* Task prompt:
All that should come back is the lines of the data below from the one containing "45° FOV; NIDEK AFC-230 fundus camera" to the one containing "Finding: normal", inclusive, exactly as they stand.

* Record extracts:

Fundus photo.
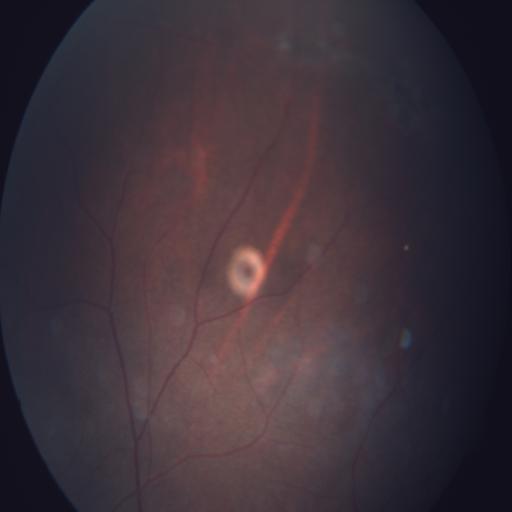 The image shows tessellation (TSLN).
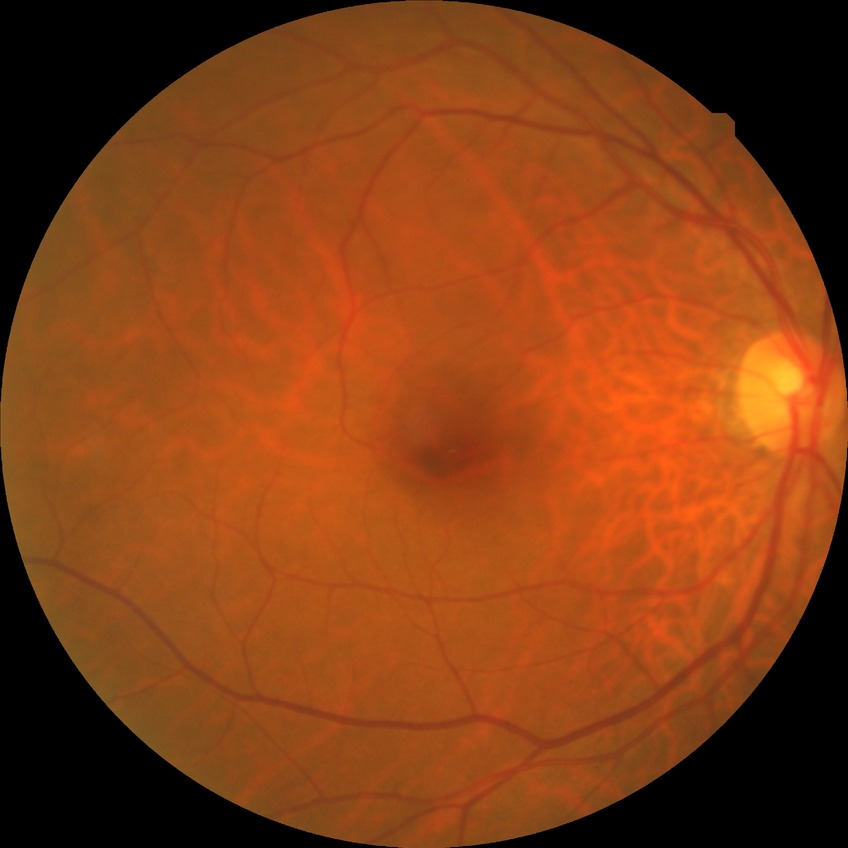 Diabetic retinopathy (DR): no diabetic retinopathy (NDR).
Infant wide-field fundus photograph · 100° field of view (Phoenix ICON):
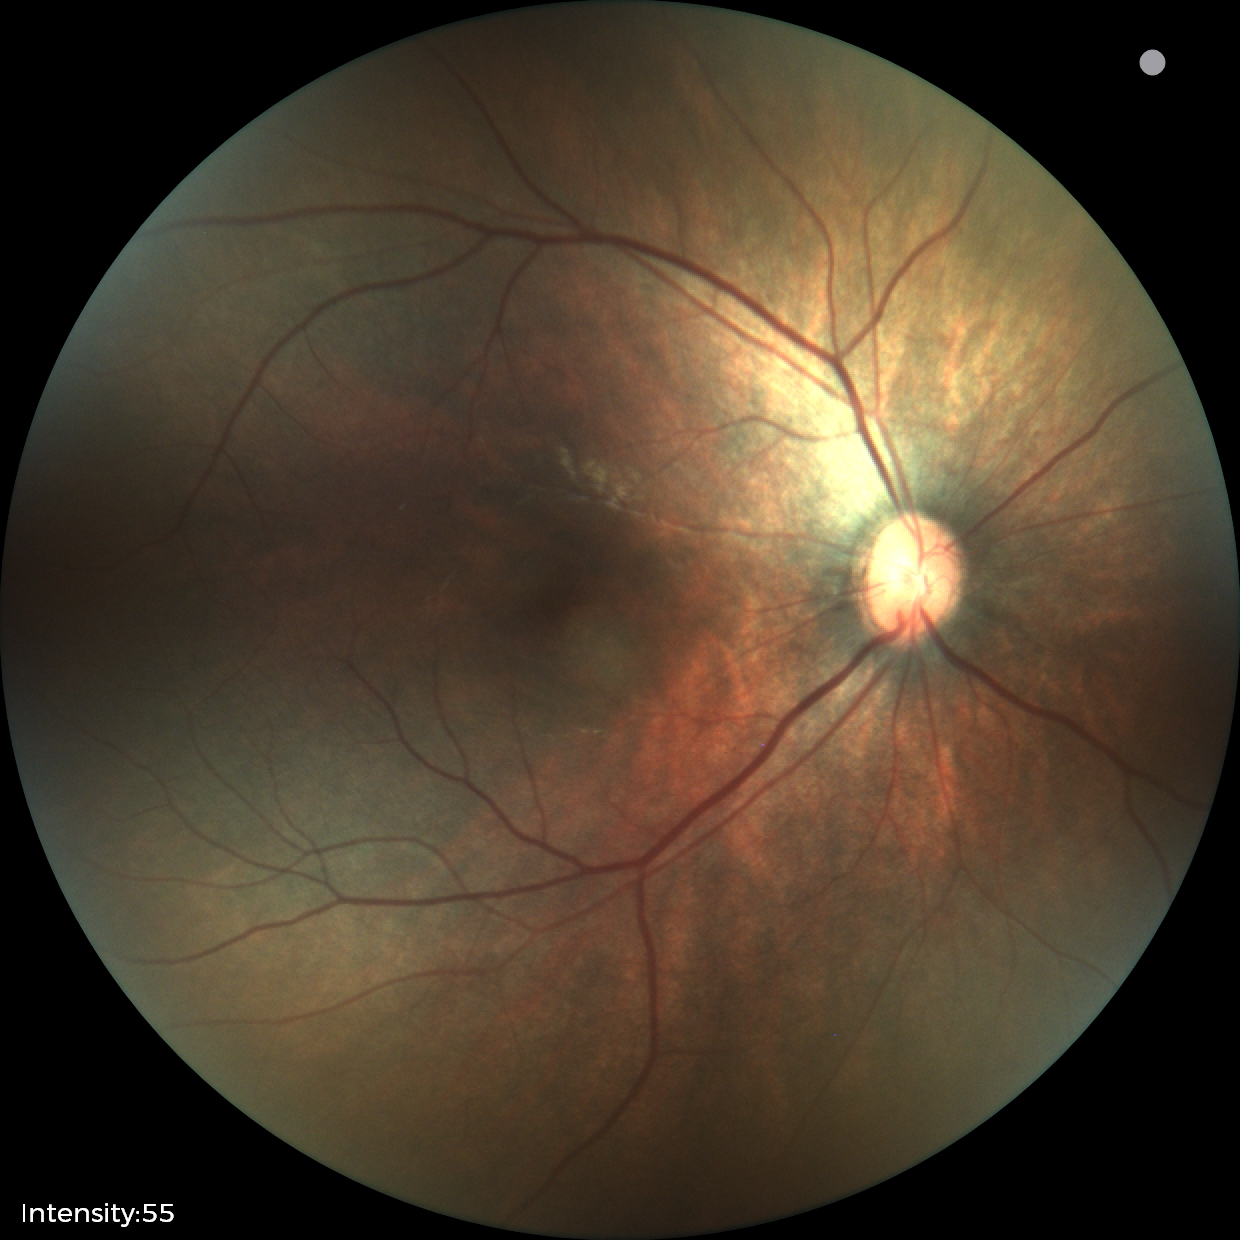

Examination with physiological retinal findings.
==
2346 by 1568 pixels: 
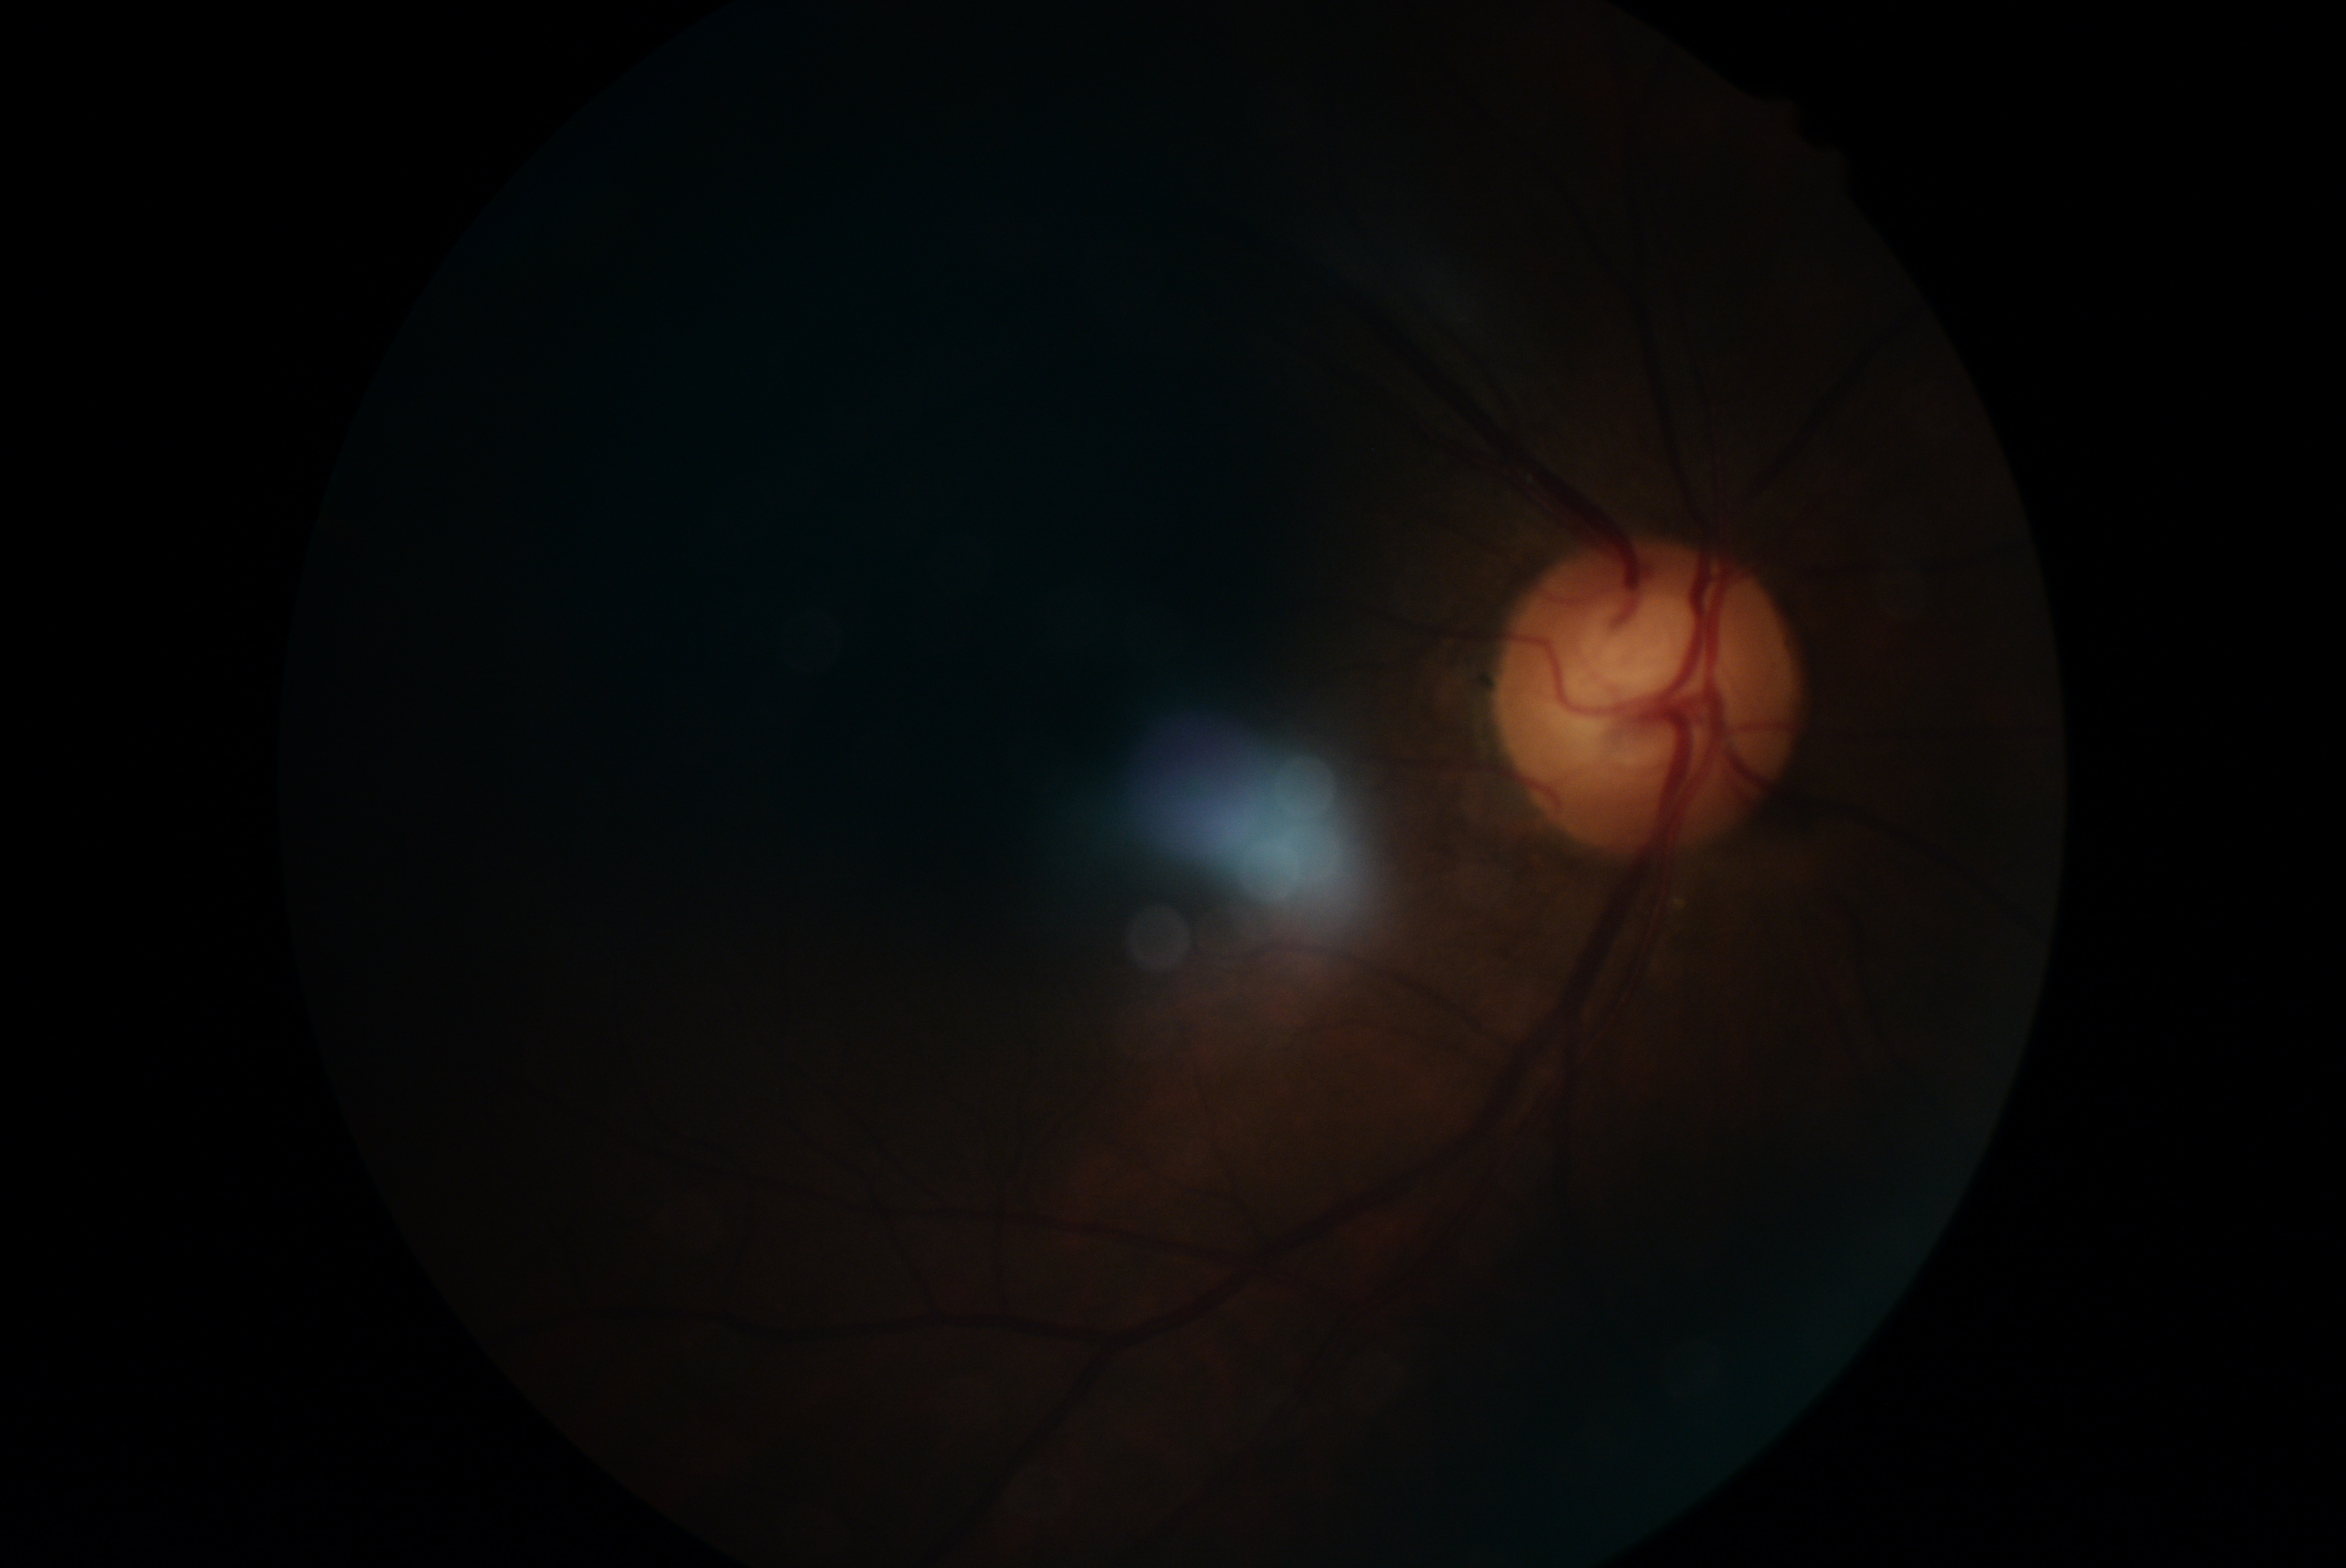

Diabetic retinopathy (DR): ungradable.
--
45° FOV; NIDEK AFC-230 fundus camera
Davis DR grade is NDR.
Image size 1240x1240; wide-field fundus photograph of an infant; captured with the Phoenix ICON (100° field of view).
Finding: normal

* Exercise solution:
45° FOV; NIDEK AFC-230 fundus camera
Davis DR grade is NDR.
Image size 1240x1240; wide-field fundus photograph of an infant; captured with the Phoenix ICON (100° field of view).
Finding: normal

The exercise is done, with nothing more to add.